# Quick question about empi



## theriverrat (Feb 16, 2007)

What is the correct name for the rising punch in empi? Thanks in advance.


----------



## Grenadier (Feb 16, 2007)

Depends on what system is teaching it, and what punch is specifically used.  

Some systems might call it "age-tsuki."


----------



## Brandon Fisher (Feb 16, 2007)

I believe it is Age tsuki also


----------



## searcher (Feb 16, 2007)

That is what we call it, for a rising punch.   We use Wansu(the Okinawan version), but are we talking the "hidden fist punch?"   If yes, we call it Kakushi-tsuki.


----------



## Brandon Fisher (Feb 16, 2007)

Jon,
I use Wansu well in my system but though I knew about the hidden fist didn't realize thats what it was called.


----------



## twendkata71 (Feb 17, 2007)

I have heard it refered to as Jodan aze tsuki.
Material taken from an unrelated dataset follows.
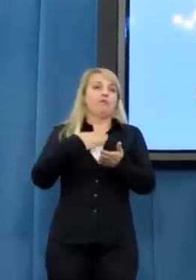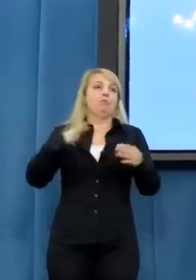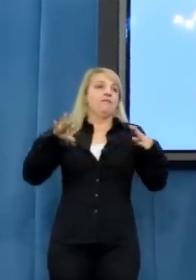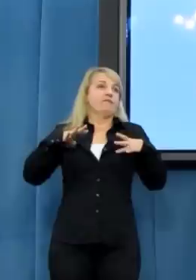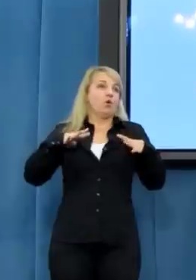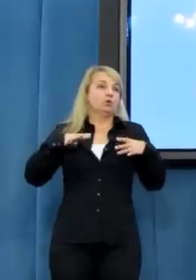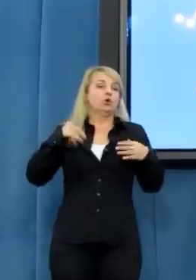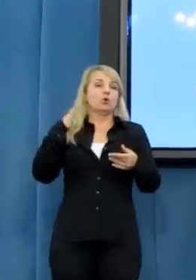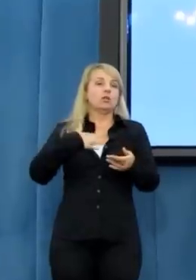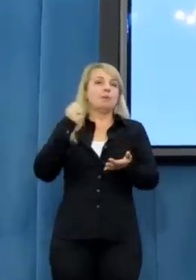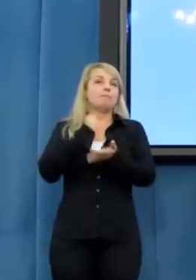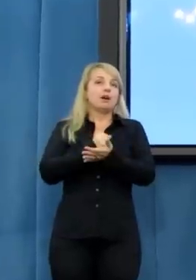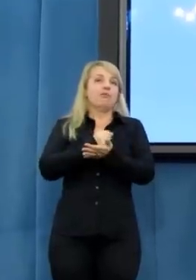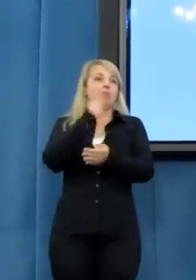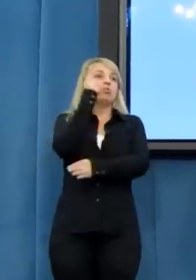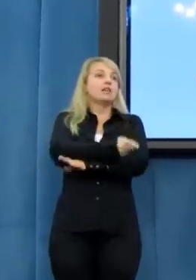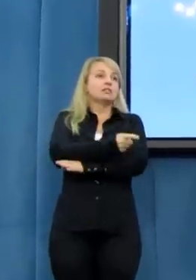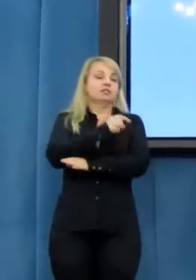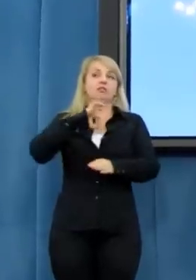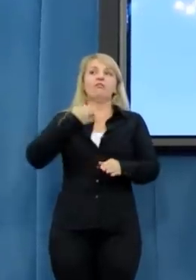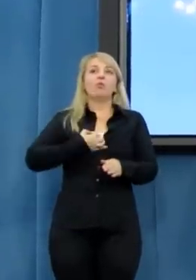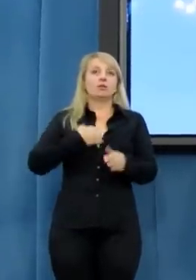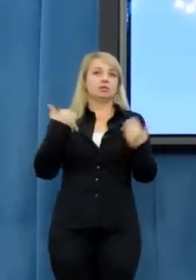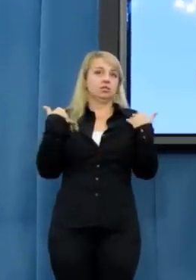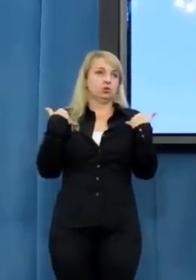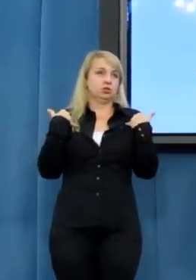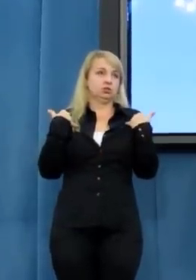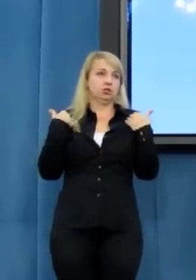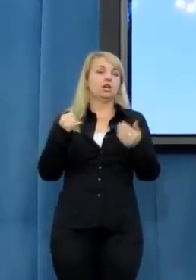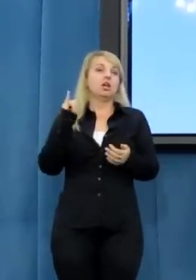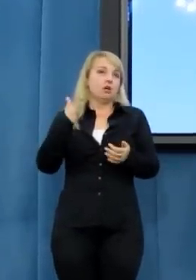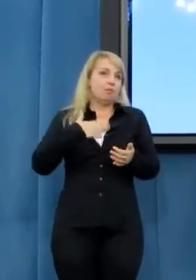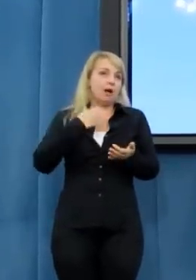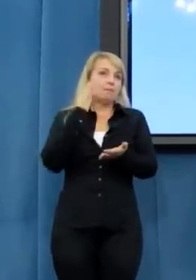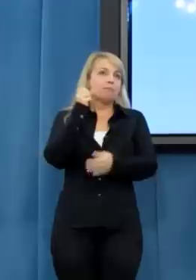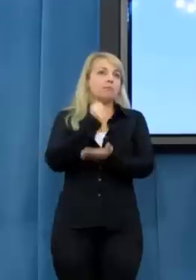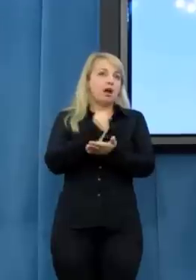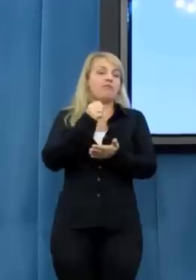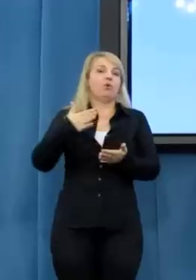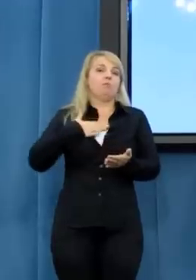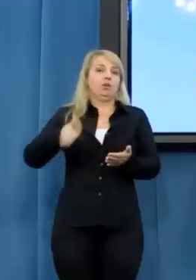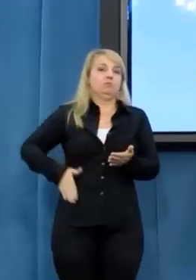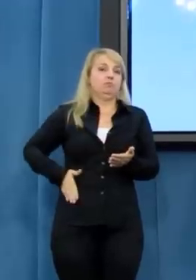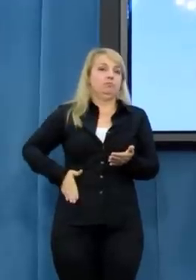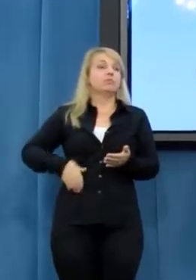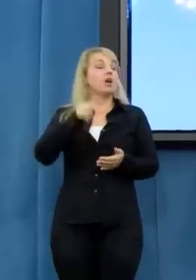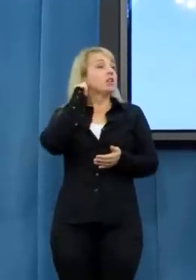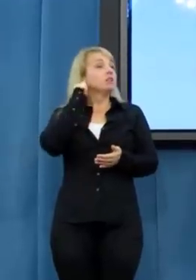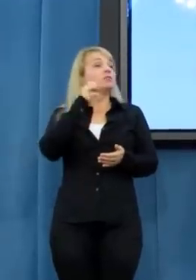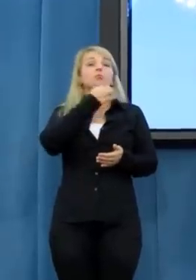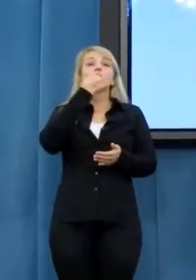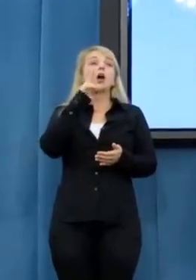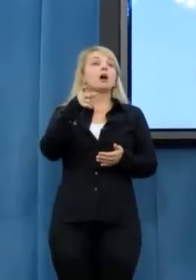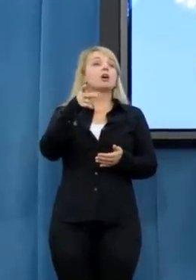decydowania o swoim życiu. I Kora w tym przypadku

In the empi version it is aimed at the vital point on the chin. In the wansu version it is aimed at the  point on the chest just below the pectorial muscle, I have seen others interpret it as a strike to the point in the arm pit.


----------



## Brandon Fisher (Feb 17, 2007)

I have done it striking to the armpit also.


----------



## searcher (Feb 17, 2007)

Brandon Fisher said:


> I have done it striking to the armpit also.


 

Ditto for me.   The only difference I normally use is the vertical fist.   It comes from the influence of I-ryu that I picked up years ago.   With the vertical fist the second knuckle on the thumb can pop the axillary nerve and be quite painfull, almost to the point of making the arm useless for a pretty good period of time.


----------



## twendkata71 (Feb 17, 2007)

This technique is one of the original techniques described in the Bubishi. If you use the bubishi as a reference guide. You will see the exact points that I am talking about. We are talking about the first punch in the sequence , right after gedan barai, not the punch used after the toriteuke correct?


----------



## Brandon Fisher (Feb 18, 2007)

yes after gedan barai


----------